Question 3: The projection of vector \overrightarrow{a} = 2\hat{i}-\hat{j}+2\hat{k} on vector \overrightarrow{b} = \hat{i}+2\hat{j}+2\hat{k} is equal to the projection of \overrightarrow{b} on \overrightarrow{a}.

Find the ration of magnitudes |\overrightarrow{a}|: |\overrightarrow{b}|.

Question 4: Two vectors are given as \overrightarrow{p} = 3\hat{i}+2\hat{j}+6\hat{k} and \overrightarrow{q} = x\hat{i}-3\hat{j}+2\hat{k}.

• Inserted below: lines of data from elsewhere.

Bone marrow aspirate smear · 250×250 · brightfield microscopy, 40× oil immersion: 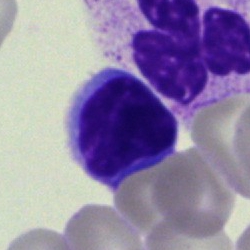
Morphology → typical lymphocyte.
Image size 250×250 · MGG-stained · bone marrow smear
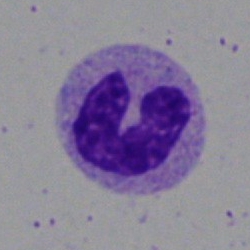

Q: Which cell type is shown here?
A: It is a polymorphonuclear neutrophil.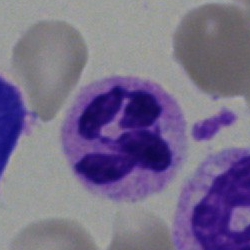 Morphology → neutrophil (segmented).
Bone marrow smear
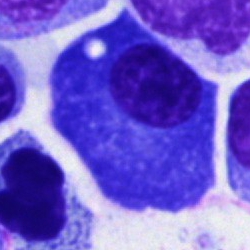

Q: What cell is this?
A: Plasma cell.
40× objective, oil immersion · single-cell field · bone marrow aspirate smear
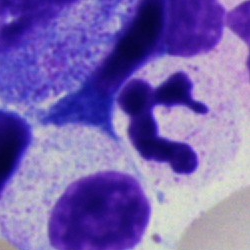 Classification = polymorphonuclear neutrophil.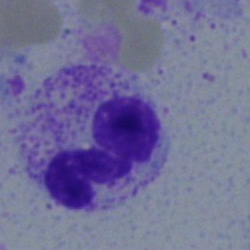
The cell shown is a neutrophil (segmented).
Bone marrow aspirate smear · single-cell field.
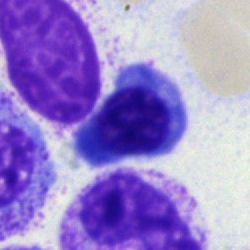
Nucleated red blood cell.
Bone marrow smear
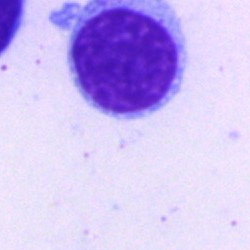{"cell_type": "typical lymphocyte", "lineage": "lymphoid"}
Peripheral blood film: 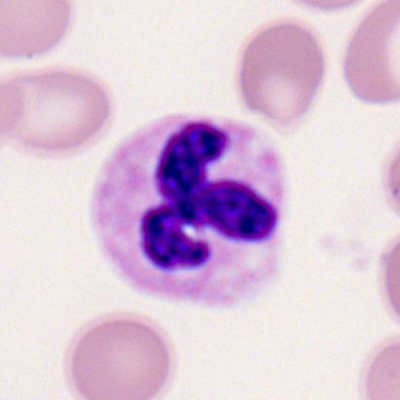

{"cell_type": "polymorphonuclear neutrophil", "lineage": "myeloid"}
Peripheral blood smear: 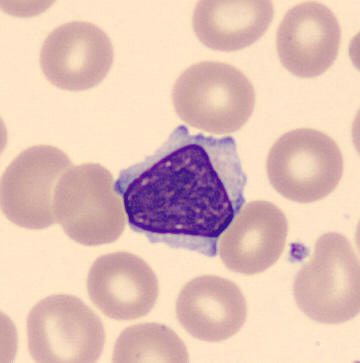Q: What is this?
A: A typical lymphocyte.
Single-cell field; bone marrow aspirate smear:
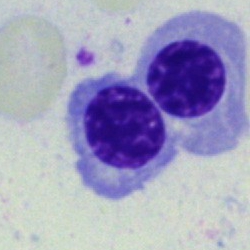
Morphological class = nucleated red cell.
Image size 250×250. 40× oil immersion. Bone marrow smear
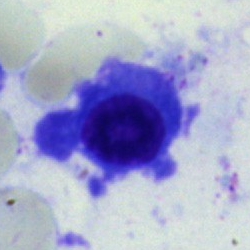Morphology → erythroblast.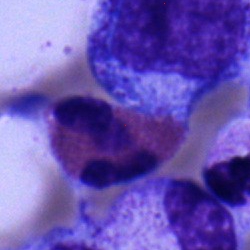{"cell_type": "eosinophil"}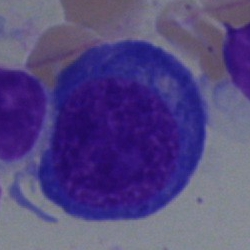Specimen: bone marrow aspirate smear.
Cell: pronormoblast.
Lineage: erythroid.
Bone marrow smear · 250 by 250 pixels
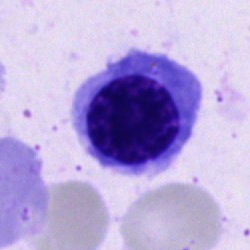A nucleated red blood cell.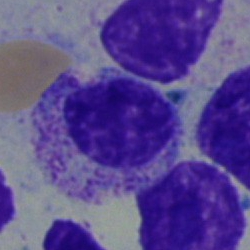Q: Identify the cell.
A: This is a myelocyte.
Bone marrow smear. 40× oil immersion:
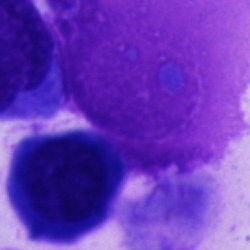 Showing an artefact.
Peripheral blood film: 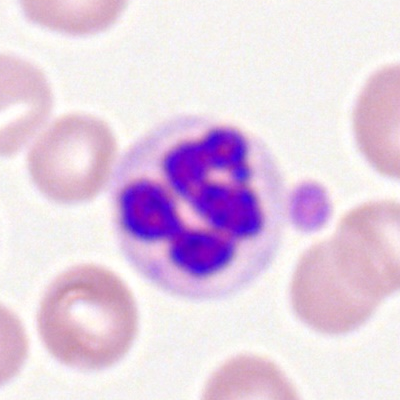Showing a segmented neutrophil.
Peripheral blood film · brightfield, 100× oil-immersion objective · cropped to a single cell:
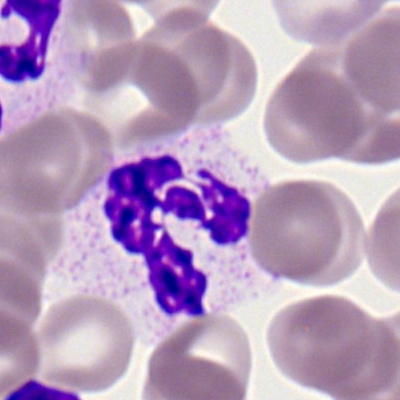 Segmented neutrophil.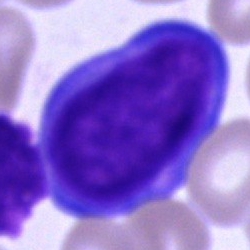
Showing an undifferentiated blast.
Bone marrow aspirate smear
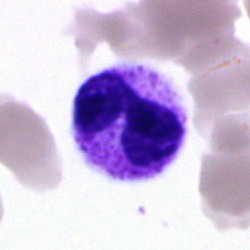

Q: What cell is this?
A: A neutrophil (segmented).
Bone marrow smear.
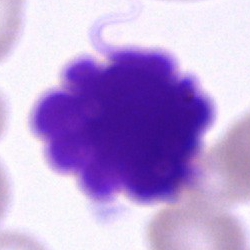 Showing an artifact.
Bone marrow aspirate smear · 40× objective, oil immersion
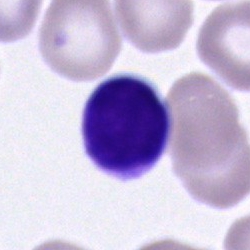

Morphology → lymphocyte.
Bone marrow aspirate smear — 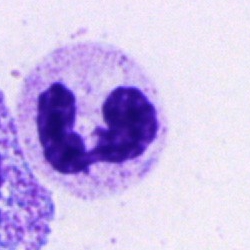 Cell type: polymorphonuclear neutrophil.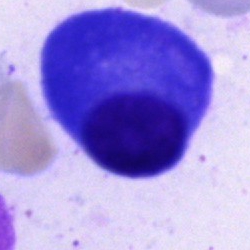

Plasma cell.
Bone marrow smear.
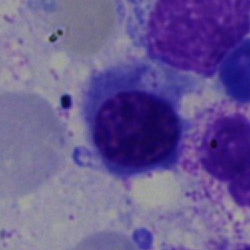

Morphology → erythroblast.
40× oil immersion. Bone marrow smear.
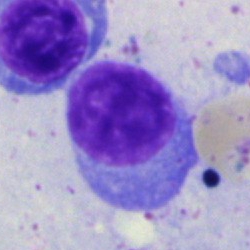 The cell shown is a plasmacyte.
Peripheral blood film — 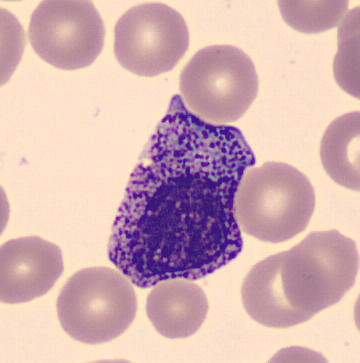 Morphology consistent with a metamyelocyte.
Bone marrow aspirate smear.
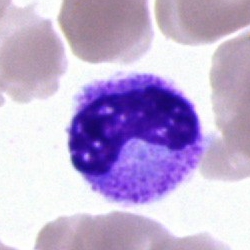
Q: What is the morphological classification of this cell?
A: A band neutrophil.
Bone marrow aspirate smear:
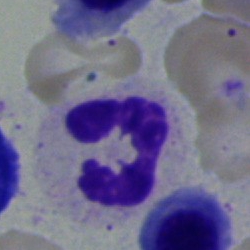 Specimen: bone marrow aspirate smear.
Morphological class: segmented neutrophil.
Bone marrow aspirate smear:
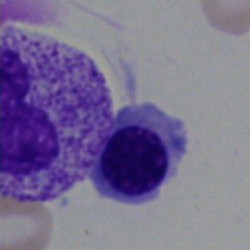
The cell shown is an erythroblast.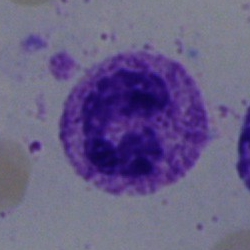 Cell type — polymorphonuclear neutrophil.
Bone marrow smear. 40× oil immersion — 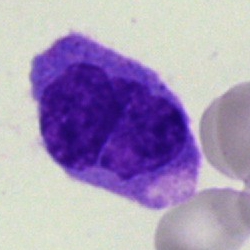
A monocyte.
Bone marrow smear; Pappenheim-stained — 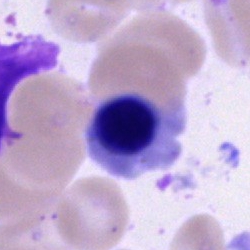

Morphology → nucleated red blood cell.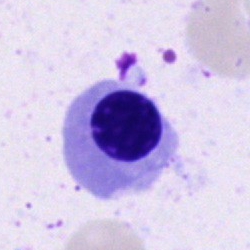Morphological class = normoblast.
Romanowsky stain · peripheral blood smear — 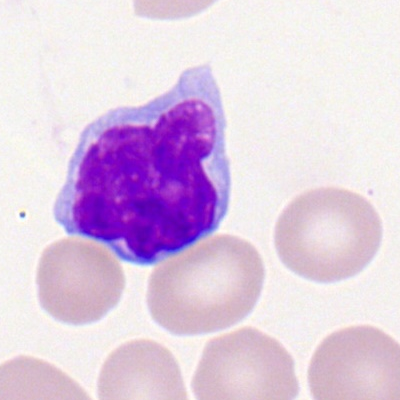 The cell shown is a typical lymphocyte.

If the projection of \overrightarrow{p} on \overrightarrow{q} is zero, find the value of x.

Question 5: Find the projection of vector \overrightarrow{a} = 7\hat{i}-5\hat{j}+2\hat{k} on a unit vector in the direction of \overrightarrow{b} = 3\hat{i}+2\hat{j}+6\hat{k}.

Example 6: Let \overrightarrow{a} = \hat{i}+2\hat{j}+2\hat{k} and \overrightarrow{b} = 2\hat{i}+\hat{j}+2\hat{k}.

Find the projection vector (not just scalar) of \overrightarrow{a} on \overrightarrow{b}, and state its direction.